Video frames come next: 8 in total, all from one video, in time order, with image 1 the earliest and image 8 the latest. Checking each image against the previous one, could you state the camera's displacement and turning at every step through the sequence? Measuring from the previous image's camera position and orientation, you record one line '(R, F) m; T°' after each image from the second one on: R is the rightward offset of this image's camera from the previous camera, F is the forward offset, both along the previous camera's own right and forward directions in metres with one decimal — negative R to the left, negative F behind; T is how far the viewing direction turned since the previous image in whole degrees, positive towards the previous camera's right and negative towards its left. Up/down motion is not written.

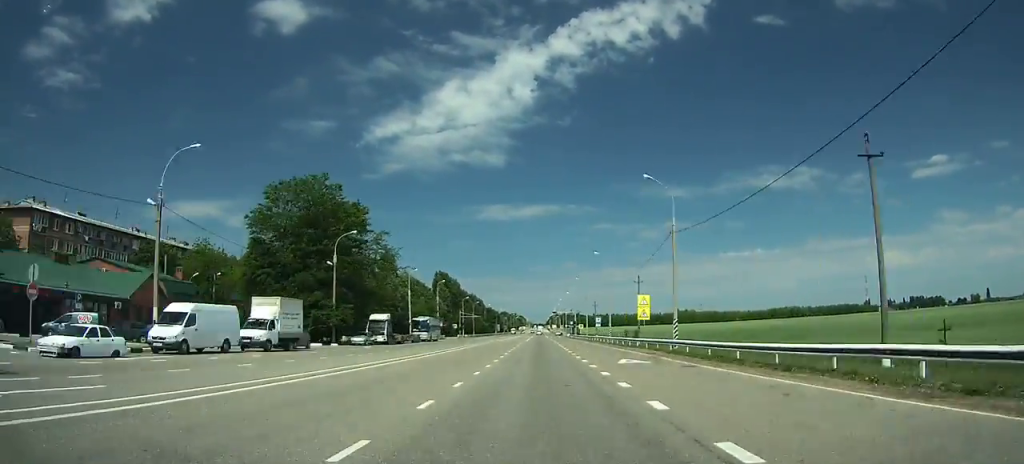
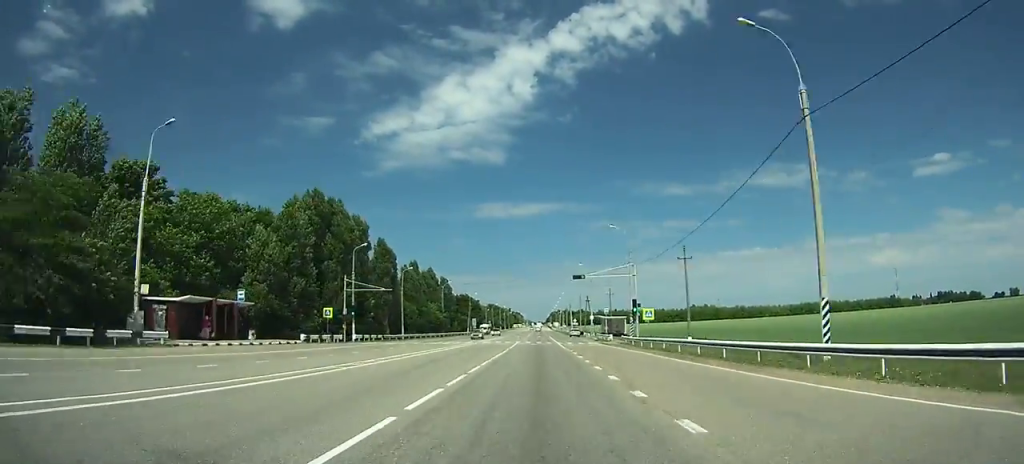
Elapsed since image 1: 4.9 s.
(-0.1, +94.5) m; 0°
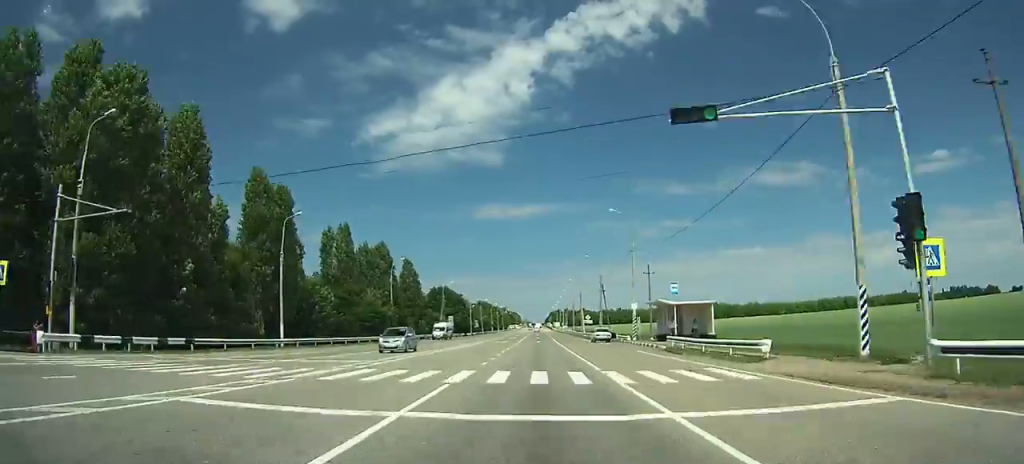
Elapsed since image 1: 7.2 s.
(-0.1, +41.3) m; 0°
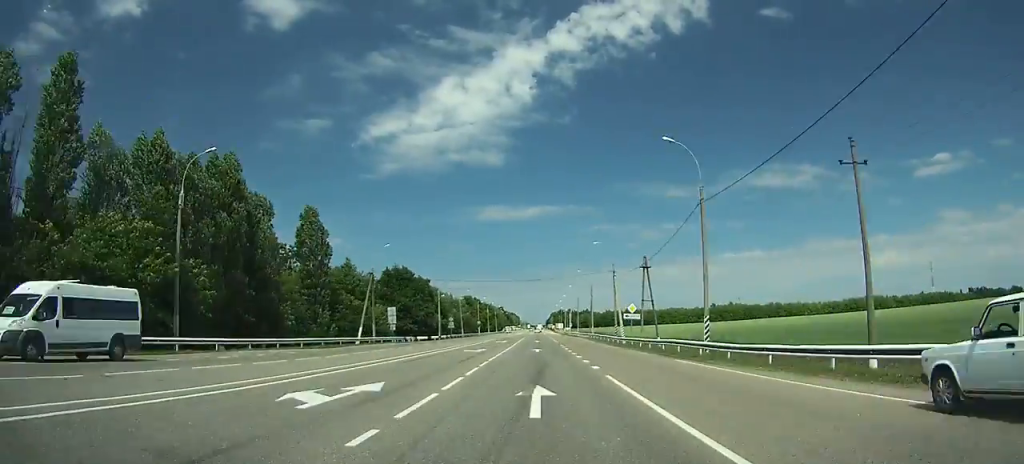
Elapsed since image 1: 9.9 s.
(+0.2, +50.0) m; 0°
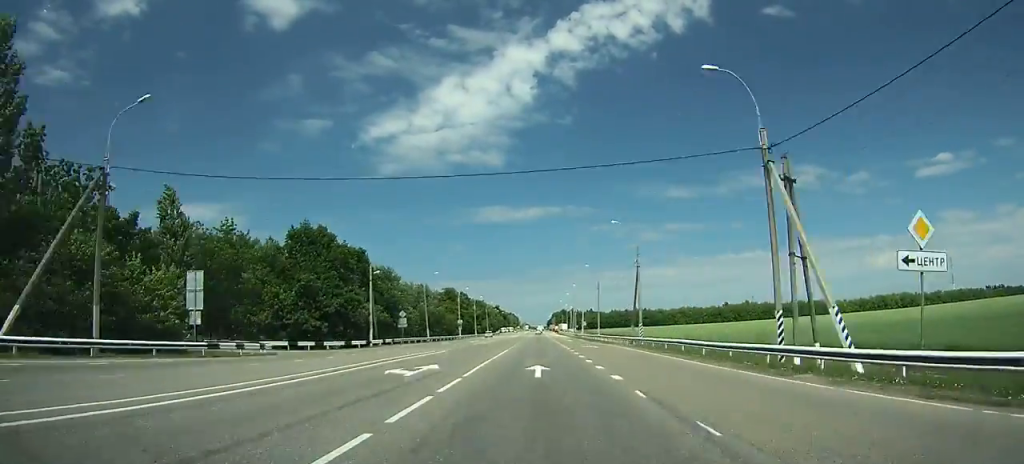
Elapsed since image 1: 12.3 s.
(+0.1, +46.3) m; 0°
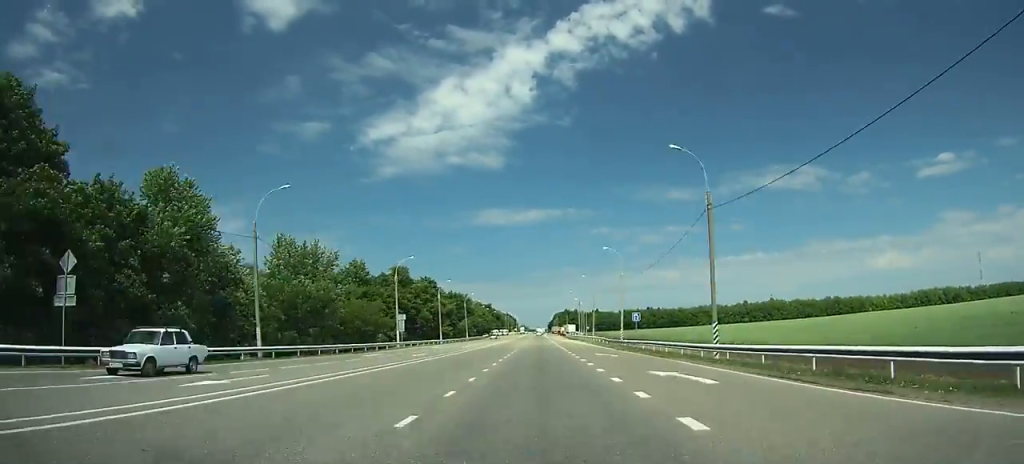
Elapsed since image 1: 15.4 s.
(-0.2, +60.0) m; 0°
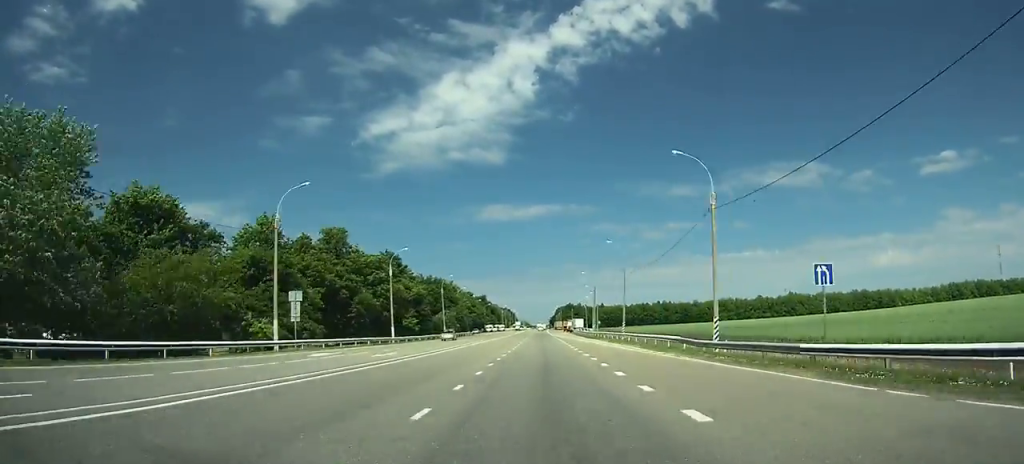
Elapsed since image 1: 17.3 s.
(-0.1, +36.2) m; 0°
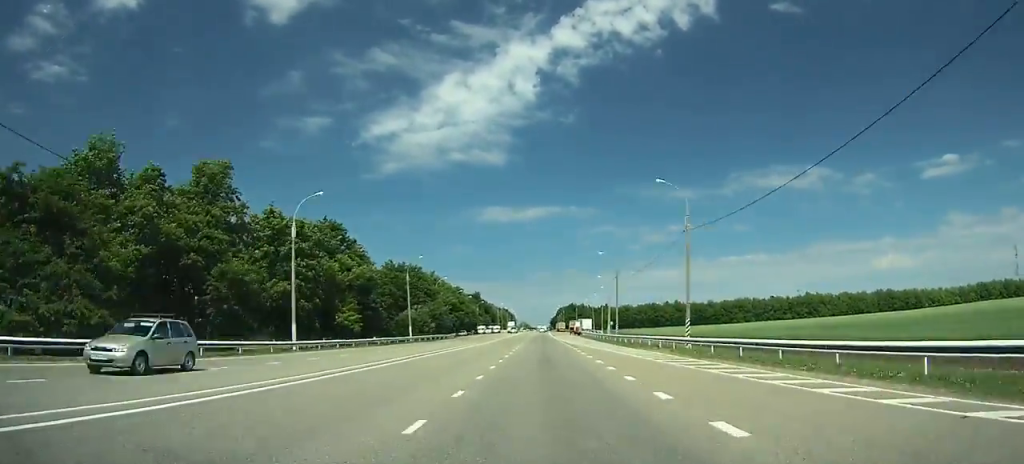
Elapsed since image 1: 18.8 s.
(0.0, +28.2) m; 0°
====
* WHAT YOU ARE ASKED TO DO *
Extract the full listing above verbatim; pictures are to be left out of the copy.

* ANSWER TO THE PROBLEM *
Video frames come next: 8 in total, all from one video, in time order, with image 1 the earliest and image 8 the latest. Checking each image against the previous one, could you state the camera's displacement and turning at every step through the sequence? Measuring from the previous image's camera position and orientation, you record one line '(R, F) m; T°' after each image from the second one on: R is the rightward offset of this image's camera from the previous camera, F is the forward offset, both along the previous camera's own right and forward directions in metres with one decimal — negative R to the left, negative F behind; T is how far the viewing direction turned since the previous image in whole degrees, positive towards the previous camera's right and negative towards its left. Up/down motion is not written.

Elapsed since image 1: 4.9 s.
(-0.1, +94.5) m; 0°
Elapsed since image 1: 7.2 s.
(-0.1, +41.3) m; 0°
Elapsed since image 1: 9.9 s.
(+0.2, +50.0) m; 0°
Elapsed since image 1: 12.3 s.
(+0.1, +46.3) m; 0°
Elapsed since image 1: 15.4 s.
(-0.2, +60.0) m; 0°
Elapsed since image 1: 17.3 s.
(-0.1, +36.2) m; 0°
Elapsed since image 1: 18.8 s.
(0.0, +28.2) m; 0°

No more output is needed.